Don Giovanni Momigli

Omelia Badia Fiorentina – Martedì 25 giugno 2024

  • Martedì della Dodicesima Settimana Tempo Ordinario anno pari (2Re 19,9-11.14-21.31-35.36   Sal 47   Mt 7,6.12-14)

Il regno di Giuda è minacciato dall’Assiria. Sennàcherib si è spinto con il suo esercito verso Giuda e Gerusalemme, con l’intenzione di assoggettare tutti i territori.

Per rendere più forte la minaccia, il re di Assiria fa precedere l’azione militare da un intervento scritto, nel quale dice che per Giuda non c’è nessuna possibilità di scampo né via di salvezza.
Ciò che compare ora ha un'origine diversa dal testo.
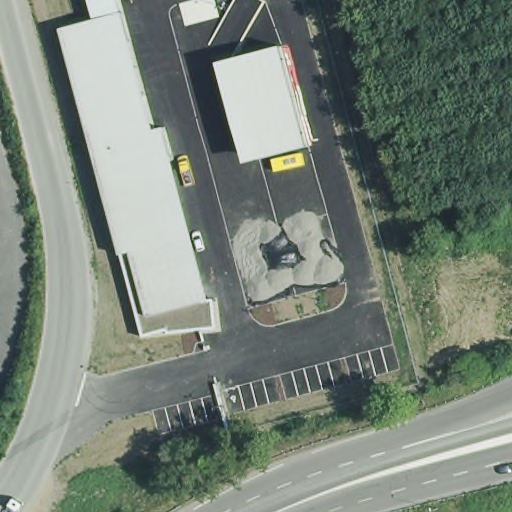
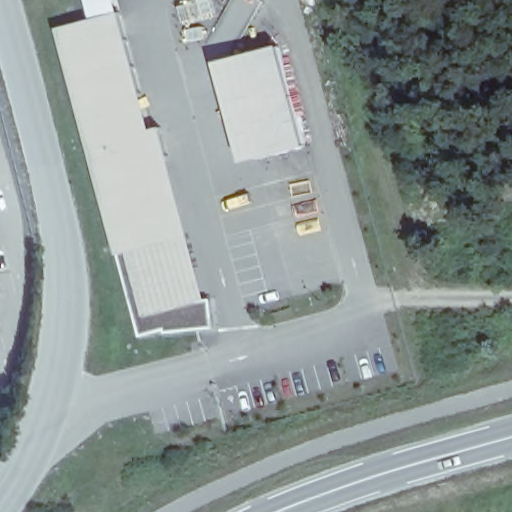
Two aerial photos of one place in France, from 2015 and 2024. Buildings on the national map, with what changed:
unchanged [(164,126),(209,299),(212,298),(215,327),(166,333),(165,330),(141,337),(119,255),(57,29),(93,19),(88,0),(120,0),(154,129),(164,126)]
unchanged [(282,45),(307,146),(245,163),(217,62),(282,45)]

Il tentativo di Sennacherib è quello di ostentare la sua superiorità, spaventare Ezechia, re di Giuda, e intimidire il popolo cercando di far vacillare la sua fiducia nel Dio di Israele: «Non ti illuda il tuo Dio in cui confidi» (2Re 19,10).

Potremmo dire che Sennacherib usa la stessa tattica del diavolo, principe del male: per indebolire il popolo cerca di far vacillare il cuore di ogni persona, sapendo di non poter andare molto lontano fino a quando una persona rimane ancorata a Dio.
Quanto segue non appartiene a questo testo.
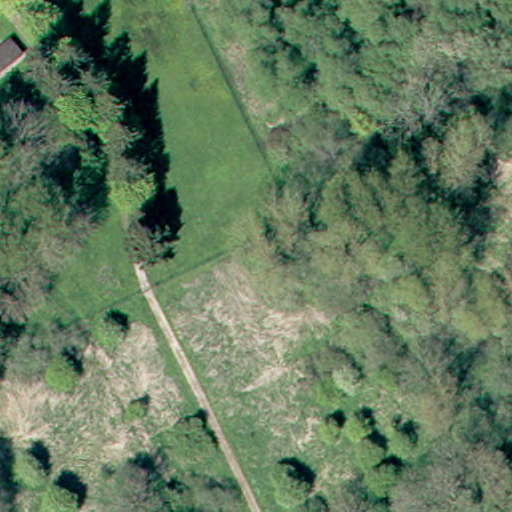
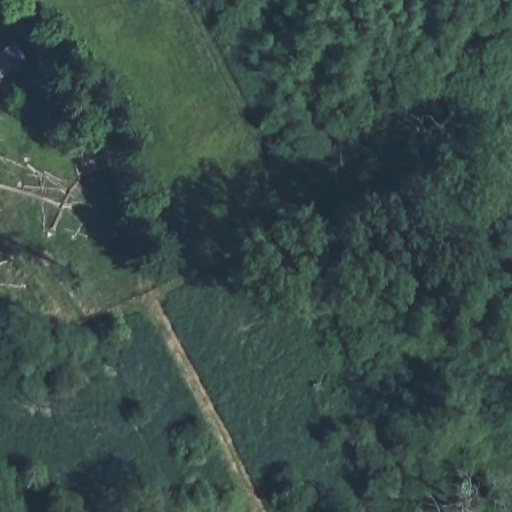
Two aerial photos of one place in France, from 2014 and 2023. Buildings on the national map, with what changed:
unchanged [(0,73),(0,51),(9,45),(23,57),(0,73)]

Leggendo la lettera di Sennacherib, Ezechia, re di Giuda, è preso da forte preoccupazione e angoscia «salì al tempio del Signore, l’aprì davanti al Signore e pregò. (2Re 19,14-15).

Srotolando e leggendo la lettera provocatoria davanti al Signore e mettendosi interamente nelle mani di Dio con un atto di totale fiducia in un momento di forte tribolazione, Ezechia dimostra di avere una grande confidenza, forse maturata da ripetuti momenti di preghiera.

Ieri come oggi, chi crede condivide col Signore, in un contesto di preghiera, le sue gioie e le sue preoccupazioni. E ieri come oggi il Signore in qualche modo risponde, anche se con modi e tempi diversi da quelli da noi attesi.

In questa particolare situazione, però, Dio risponde a Ezechìa immediatamente attraverso un messaggio del profeta Isaia, che – per la sua lunghezza – la liturgia ci presenta con dei tagli in più parti.

Le parole di Isaia sono un poema ironico, di scherno nei confronti del re di Assiria: «ti deride la vergine figlia di Sion.. scuote il capo la figlia di Gerusalemme» (2Re 19,21). Come dire: perfino le ragazze inabili alle armi e alla guerra hanno compreso l’infondatezza delle minacce assire nei confronti di Giuda.

Non conosciamo il modo in cui sia intervenuto l’angelo del Signore per liberare il regno di Giuda dalla minaccia assira, di cui parla la lettura (cfr 2Re 19,35), ma dagli stessi annali di Sennàcherib veniamo a conoscenza di un infruttuoso assedio di Gerusalemme precisamente, nel 701 a.C.

Una fiduciosa confidenza col Signore, come quella maturata da Ezechia, si acquisisce col tempo e focalizzandosi non solo sui divieti o sul male da evitare, bensì sul bene attivamente da fare: «Tutto quanto volete che gli uomini facciano a voi, anche voi fatelo a loro: questa infatti è la Legge e i Profeti» (Mt 7,12).

La fede porta a fare il bene, e, come ha detto ieri nel suo saluto alla città il nuovo Arcivescovo, Mons Gherardo Gambelli: «In tempi difficili come quello che stiamo vivendo, di cambiamento d’epoca, non basta fare il bene, bisogna fare bene il bene».

Fare bene il bene, esige una maggiore attenzione alle persone e ai loro volti, un accorto discernimento e una fattiva tensione alla promozione umana, che non si esaurisce nel solo e pur necessario impegno emergenziale e assistenziale.

Fare bene il bene, significa non fermarsi a valle, ma risalire la cima e cercare di intervenire a monte per correggere i meccanismi perversi che producano ingiustizie e persone povere, emarginate, discriminate.

Per fare bene il bene, soprattutto, occorre entrare «per la porta stretta» (Mt 7,14), che non è la via più facile, ma che non chiede speciali sacrifici o pratiche ascetiche particolari.

Possiamo dire che la porta è stretta perché è a nostra misura. È a misura di ognuno di noi. E ciascuno, per passare, non deve appesantirsi; deve sapersi distaccare da tutto quello che ingombra impedendo il passaggio.

Se voglio entrare nella porta della salvezza debbo abbandonare il mio peccato, inteso come il male che compio e il bene che non compio. Ma debbo anche abbandonare le mie difese, la mia autosufficienza, le mie ossessioni, le mie sicurezze e pure le mie ristrette visioni di bene, per mettermi tutto intero sotto lo sguardo di Dio.